Exponential growth continued — cargo-semver-checks 2025 Year in Review
8 points by predrag
8 points by predrag
In addition to recapping 2025, the post proposes a set of goals I believe cargo-semver-checks should strive for in the coming years. TL;DR there: "Total number of lints" is a fun number to look at, but increasingly just a vanity metric. I believe the community will be best served by us tackling some of our long-standing (and most difficult) challenges, instead of trying to chase exponential lint growth by itself.
Please see the post where I make a complete case for this, then let me know what you think!
Testing N lints on N test crate pairs results in 3 * N * N total lint executions. 2 * N lints means 2 * N test crate pairs, quadrupling the total lint executions in the test suite to 3 * (2 * N) * (2 * N).
What's the most expensive operation when running a lint? Naively, I'd have assumed that it would be extracting the rustdoc JSON and building any indexes over it (I'm assuming the trustfall query engine does build indexes). In that case, up-front work would scale as O(N A log(N A)) where A is the number of APIs per crate and N is the number of crates, and per-lint work would scale as O(L N A log(N A)) where L is the number of lints if every lint potentially applies to every API. I'd assume that most lints don't apply to most APIs...
Obviously I must be missing one or more key things, so curious as to where this naive math goes wrong.
Thanks for the question!
Building rustdoc JSON is definitely extremely expensive. This is why we build the JSON outside the test loop (via a script that the user must invoke when test crates change) and then cache it long-term, so it essentially vanishes from the equation when considering iteration cost.
We build indexes when loading the rustdoc JSON. The indexes are hashtables not trees, and are per-crate, so O(A) time per crate for O(N * A) total, without any log factors.
L is the number of lints if every lint potentially applies to every API. I'd assume that most lints don't apply to most APIs.

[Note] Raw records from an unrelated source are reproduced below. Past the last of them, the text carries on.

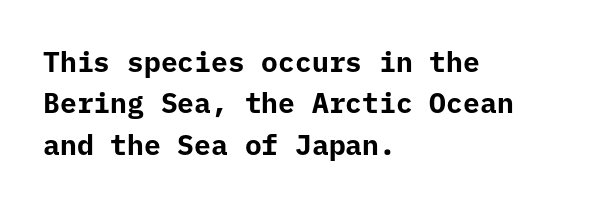
Each row of text sits above clean, open space. Characters remain perfectly vertical along every line. This rendering employs a face without finishing strokes, i.e., a sans-serif. Each letter, wide or thin by design, is forced into the same width here. The typesetter chose a ragged-right arrangement here. Tracking here is standard; glyphs follow each other at the usual distance.
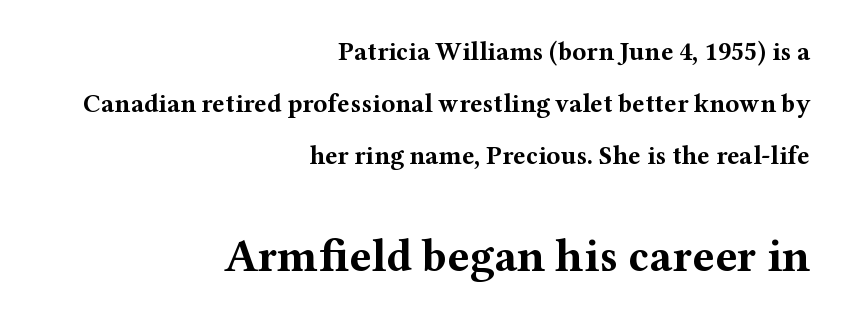
Q: Is the text bold? A: Yes.
Q: Is the text italic (slanted)? A: No, it is upright.
Q: Is the typeface a serif or a sans-serif typeface? A: Serif.
Q: Is the text underlined? A: No.
Q: How is the paragraph aligned? A: Right-aligned.
Q: Is the spacing between letters normal or unusually wide? A: Normal.
Q: Is the spacing between lines tight, normal or loose? A: Loose.
Q: Which block of text is set in a larger size, the first (top) or the second (bottom)? A: The second (bottom) one.
Q: Width (condensed, normal, or wide)? A: Wide.
Q: Stroke contrast? A: Medium.
Q: x-height? A: Medium.
Q: Monospaced? A: No.

The key observation is that we try to make the tests maximally good as tests first and as fast as possible second, not vice versa. We have a rough time budget for per-test iteration, and as long as we're below that time budget, we'd prefer higher test quality over faster tests.

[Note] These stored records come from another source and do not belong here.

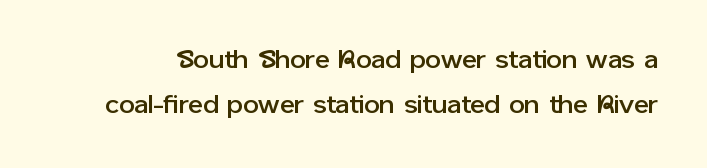
The image shows 25 px text type, upright; set line spacing 1.81x, normal letter spacing, not underlined.
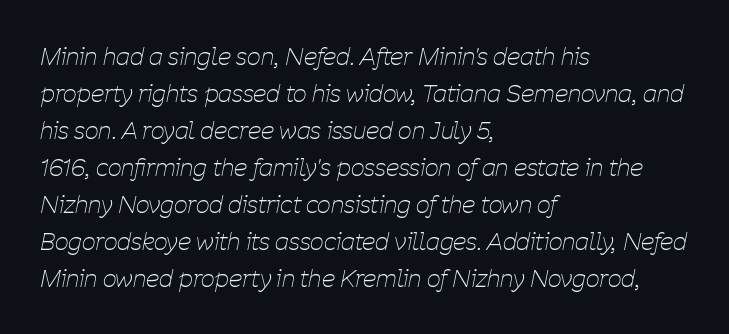
The image shows 24 px text type, italic (leaning right); set left-aligned, normal line spacing (1.54x), normal letter spacing, not underlined.
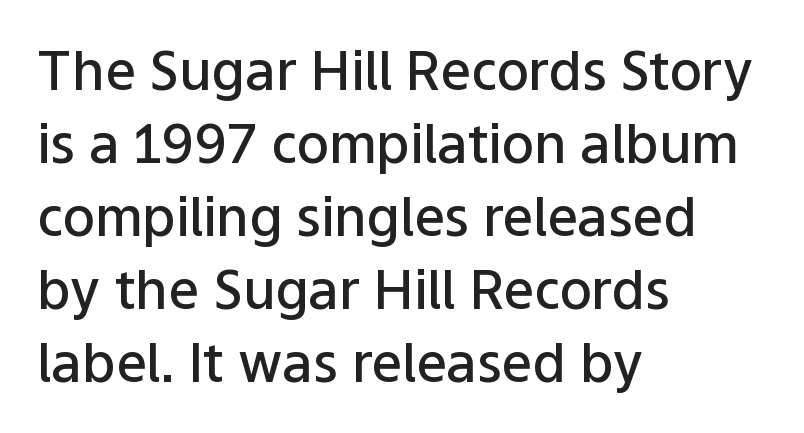
The image shows 54 px semibold sans-serif type, upright; set left-aligned, normal line spacing (1.35x), normal letter spacing, not underlined; low stroke contrast and a medium x-height.

In particular, we explicitly try not to be too clever about pruning believed-to-be-unnecessary tests. Instead, even in the long run we plan to run all lints on all crates for as long as that remains practical.
This has actually saved our bacon on multiple occasions. You see, we have a rule that each bit of breakage should only be reported by one lint, which is much harder to do in practice than it sounds like at first. For example: if a pub struct with pub fields gets deleted from the public API, you should get a lint for the struct but should not also get lints for each pub field of that struct — even though they are obviously gone too. But if we said "no point in running the fields-related lint on the crate for structs getting deleted" then we'd never notice the buggy duplicate lint. We've actually had bugs like this! We prefer the O(N^2) scaling that catches bugs over O(N) scaling that lets users catch them for us :)

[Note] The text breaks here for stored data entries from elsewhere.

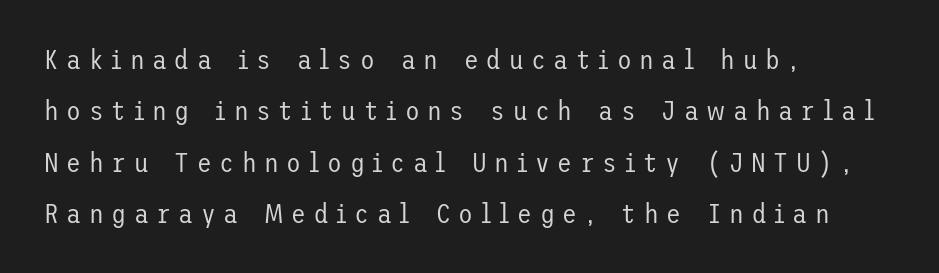
Q: Is the text bold? A: No.
Q: Is the text italic (slanted)? A: No, it is upright.
Q: Is the text underlined? A: No.
Q: How is the paragraph aligned? A: Left-aligned.
Q: Is the spacing between letters normal or unusually wide? A: Unusually wide.
Q: Is the spacing between lines tight, normal or loose? A: Loose.

So for our purposes, L = N, and updating O(L N A log(N A)) to eliminate the log (as mentioned above) we get it's actually O(N^2 A) — the same as the blog post claims, except the "API size" is explicitly mentioned instead of being omitted as being essentially constant (which is reasonable because almost all test crates are smallish).
The optimizations mentioned in the blog post were Pareto improvements: they let us continue to run the entire test suite, but run it more efficiently. That's ideal! While that O(N^2) scaling won't work forever, we want to stay moving to Pareto-superior points for as long as possible before we ever consider moving along the Pareto frontier toward faster tests at the expense of test thoroughness.